Purpose: Shows the performance of the model in a normalized form, where values represent proportions instead of absolute numbers.
Insights:
• The diagonal values represent the proportion of correctly classified instances for each class.
• Estrus, lying, and standing classes show relatively high accuracy, as their diagonal values are closer to 1.
• Grazing has moderate confusion, particularly with “standing” (e.g., grazing is often mistaken as standing).
• The model struggles more with distinguishing background from the behaviours, as misclassifications for background are noticeable.
Action Point: Improve annotations or use data augmentation for classes with high misclassification.
Purpose: Displays the absolute number of correct and incorrect predictions for each class.
Insights: • Shows the absolute number of predictions for each class.
• Highlights class imbalance in the dataset. For example, lying and standing have more data points compared to estrus.
• Grazing is frequently misclassified as standing, indicating overlapping visual features or poor annotation consistency.
• Action Point: Add more diverse training examples for underrepresented behaviours like estrus and grazing.
Purpose: Shows the F1 score (harmonic mean of precision and recall) across different confidence thresholds.
Insights: • The F1 score for “lying” is the highest,
indicating the model is performing very well for this behaviour. •
Estrus has the lowest F1 score, suggesting the model struggles to
balance precision and recall for this class. • The overall F1 score for
all classes is reasonable, but there’s room for improvement, especially
for estrus and grazing. Action Point: Focus on
increasing the quality and quantity of data for estrus. Adjust
hyperparameters or try different augmentation strategies to reduce
confusion with similar behaviours.
Purpose: Visual representation of label distributions, including bounding box characteristics (e.g., width, height, x, y coordinates).
Insights: • Bounding boxes are distributed in a logical way (e.g., no extreme outliers).
• However, certain areas might have clustering, indicating potential biases in the dataset or specific patterns in how the data was annotated.
• Width and height distributions are generally uniform, but overlapping boxes may need further scrutiny.
Action Point: Check for annotation biases and ensure
consistent labeling practices.
Purpose: Includes class distribution, annotation heatmaps, and bounding box patterns.
Insights: • Highlights class imbalance, with standing and lying dominating the dataset while estrus has the least examples.
• Shows the spatial distribution of bounding boxes, with clustering in certain areas suggesting biases in the data collection process.
Action Point: Add more data for estrus and grazing and ensure a more even distribution of annotations to improve generalization.
Purpose: Displays how precision changes with varying confidence thresholds.
Insights:
• Shows precision values across different confidence levels for each class.
• The precision for “lying” and “standing” is strong, suggesting the model makes fewer false-positive predictions for these behaviours.
• Estrus and grazing have lower precision, indicating more false positives in these classes.
Action Point: Refine annotations and increase the dataset size for estrus and grazing. Additionally, investigate misclassifications to identify overlaps between behaviours.
Purpose: Illustrates the recall values across different confidence thresholds.
Insights:
• Lying and standing have high AUC values, showing excellent precision-recall trade-off.
• Grazing and estrus have lower AUC values, suggesting difficulty in balancing precision and recall.
• The model has high recall for lying and standing but lower precision for grazing and estrus.
Action Point: Enhance data quality for grazing and estrus by collecting more diverse examples and improving annotation consistency.
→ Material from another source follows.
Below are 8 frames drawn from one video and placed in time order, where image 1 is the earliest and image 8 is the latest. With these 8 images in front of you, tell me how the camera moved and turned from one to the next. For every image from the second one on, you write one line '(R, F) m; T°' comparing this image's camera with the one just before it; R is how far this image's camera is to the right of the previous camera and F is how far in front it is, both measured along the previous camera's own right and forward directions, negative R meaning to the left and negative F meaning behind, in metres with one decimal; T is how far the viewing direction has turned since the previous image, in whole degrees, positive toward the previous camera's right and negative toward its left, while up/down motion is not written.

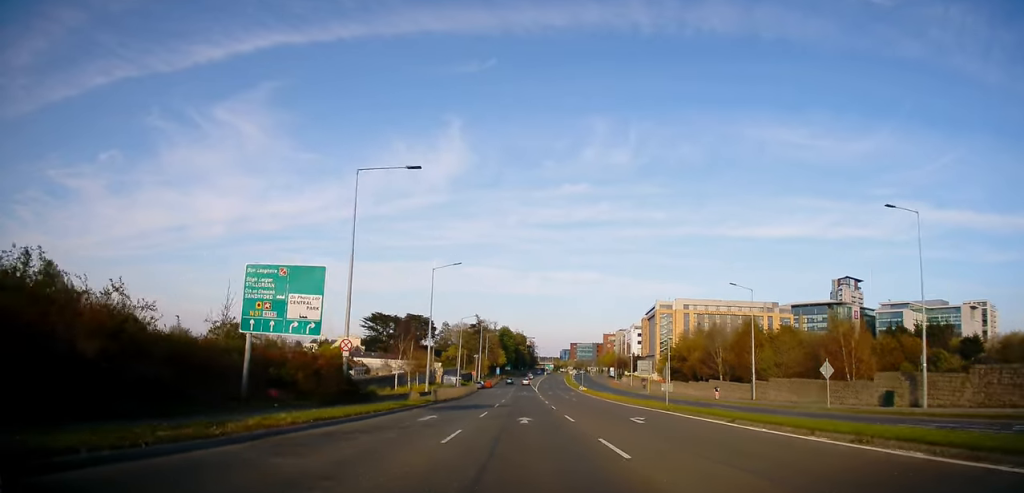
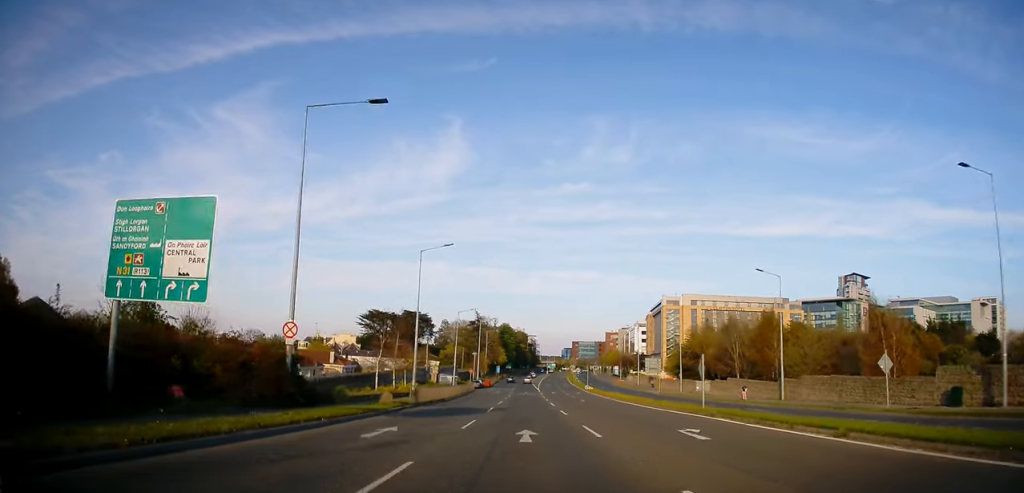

Purpose: Illustrates the recall values across different confidence thresholds.
Insights:
• Recall for lying and standing is strong across confidence levels.
• Estrus has lower recall, indicating the model fails to identify many instances of this class.
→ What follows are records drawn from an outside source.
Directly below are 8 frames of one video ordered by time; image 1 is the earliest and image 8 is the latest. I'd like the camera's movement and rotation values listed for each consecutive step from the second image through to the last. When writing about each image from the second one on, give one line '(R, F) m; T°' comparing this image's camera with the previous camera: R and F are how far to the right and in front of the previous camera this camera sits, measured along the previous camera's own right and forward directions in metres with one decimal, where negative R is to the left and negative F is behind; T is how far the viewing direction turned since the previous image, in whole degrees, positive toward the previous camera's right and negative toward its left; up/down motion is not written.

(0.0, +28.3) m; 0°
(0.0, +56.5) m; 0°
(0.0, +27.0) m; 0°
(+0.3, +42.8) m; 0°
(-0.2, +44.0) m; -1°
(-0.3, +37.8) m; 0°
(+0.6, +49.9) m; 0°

• Grazing recall is moderate but drops significantly at higher confidence thresholds, showing the model struggles with confident predictions for grazing.
Action Point: Focus on increasing recall for underrepresented behaviors through balanced datasets and fine-tuning.
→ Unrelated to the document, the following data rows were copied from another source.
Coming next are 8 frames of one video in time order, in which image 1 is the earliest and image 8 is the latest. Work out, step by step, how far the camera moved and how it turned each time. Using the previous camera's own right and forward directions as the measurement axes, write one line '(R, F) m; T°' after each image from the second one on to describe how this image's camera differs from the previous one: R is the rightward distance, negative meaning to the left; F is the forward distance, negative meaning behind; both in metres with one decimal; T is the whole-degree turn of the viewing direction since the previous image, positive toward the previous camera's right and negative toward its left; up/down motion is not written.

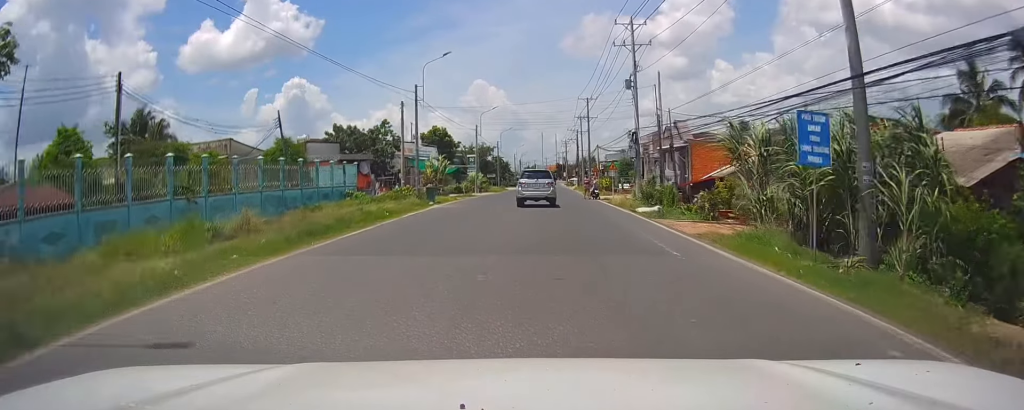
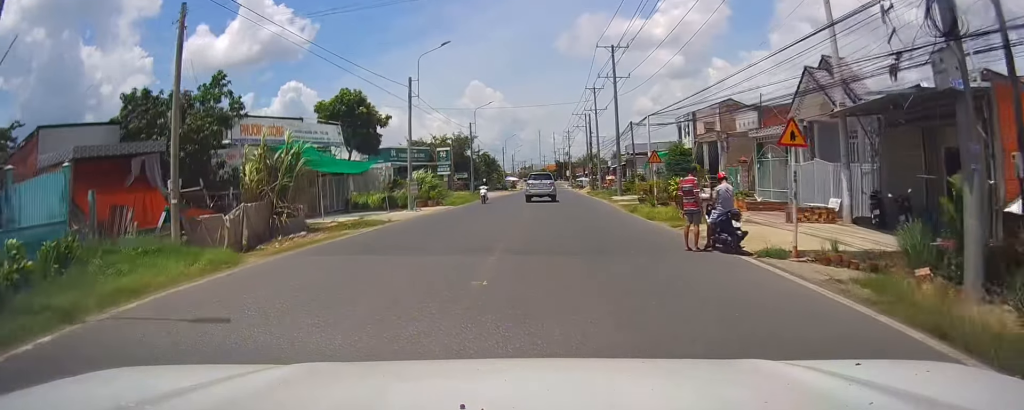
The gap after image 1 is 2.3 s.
(-0.3, +33.4) m; 0°
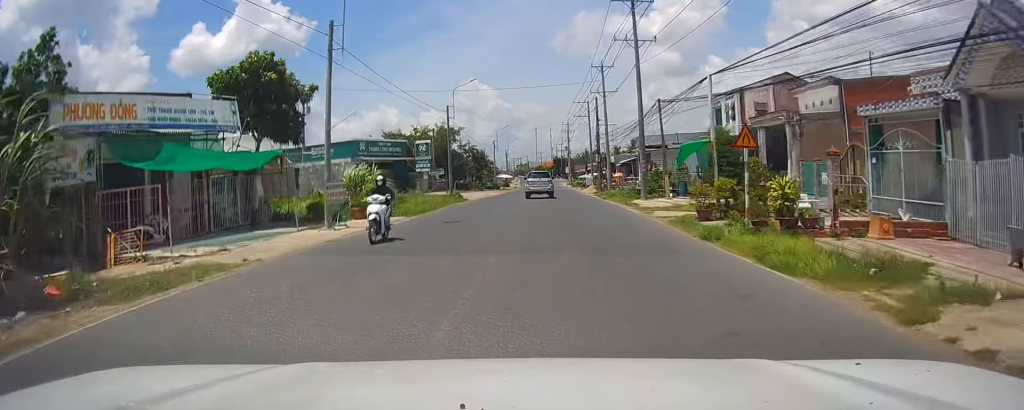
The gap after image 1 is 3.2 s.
(+0.4, +13.1) m; +3°
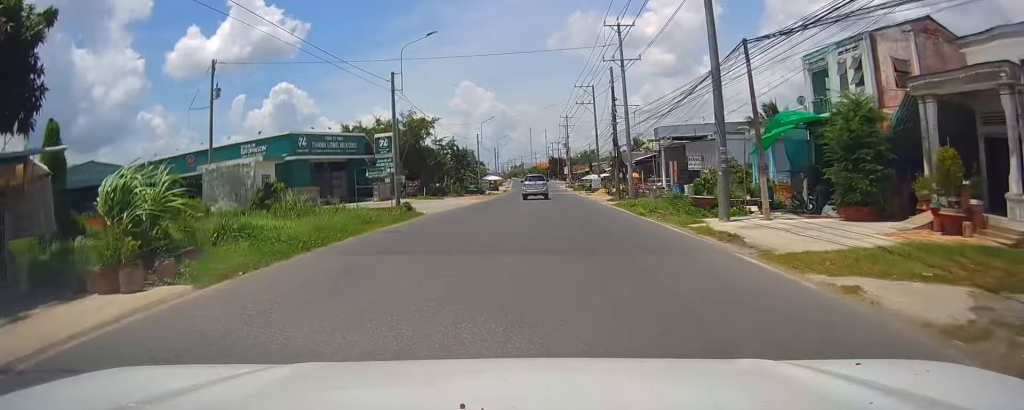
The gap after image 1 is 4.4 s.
(+0.2, +16.6) m; -1°
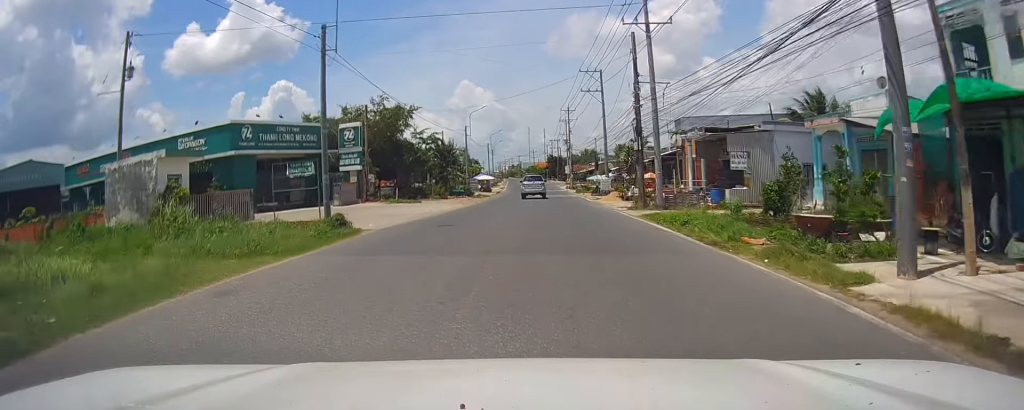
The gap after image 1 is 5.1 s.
(-0.1, +10.5) m; -2°
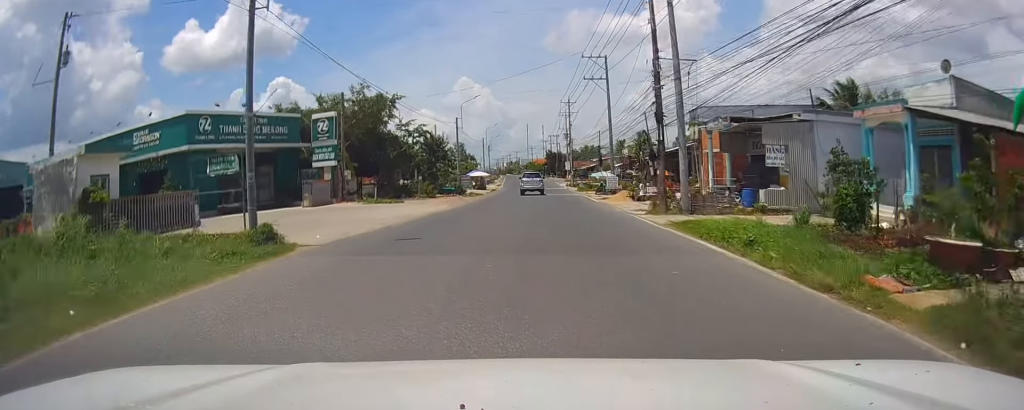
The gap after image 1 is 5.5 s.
(-0.2, +5.8) m; 0°
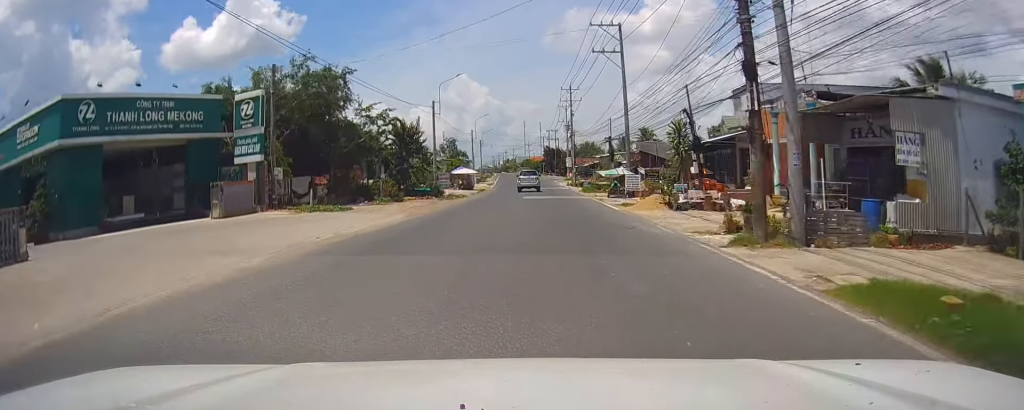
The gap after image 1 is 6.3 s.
(-0.2, +11.7) m; +1°
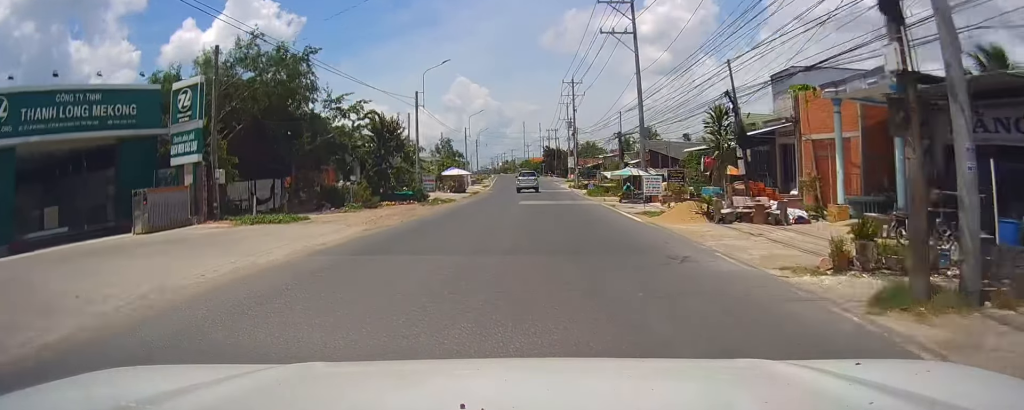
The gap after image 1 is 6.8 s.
(+0.2, +6.2) m; +1°

Purpose: Tracks training and validation metrics over epochs, including losses and mAP.
Insights:
• Training Loss: Decreases steadily over epochs, indicating effective learning. The validation loss follows a similar pattern, which is a good sign.
Metrics: mAP (mean average precision) values show improvement, with mAP50 reaching close to 0.9 and mAP50-95 around 0.6. Indicates the model has a good balance of precision and recall but still struggles with some challenging classes.
Action Point: To improve mAP50-95, focus on multi-scale training and incorporate hard-negative mining to handle challenging examples.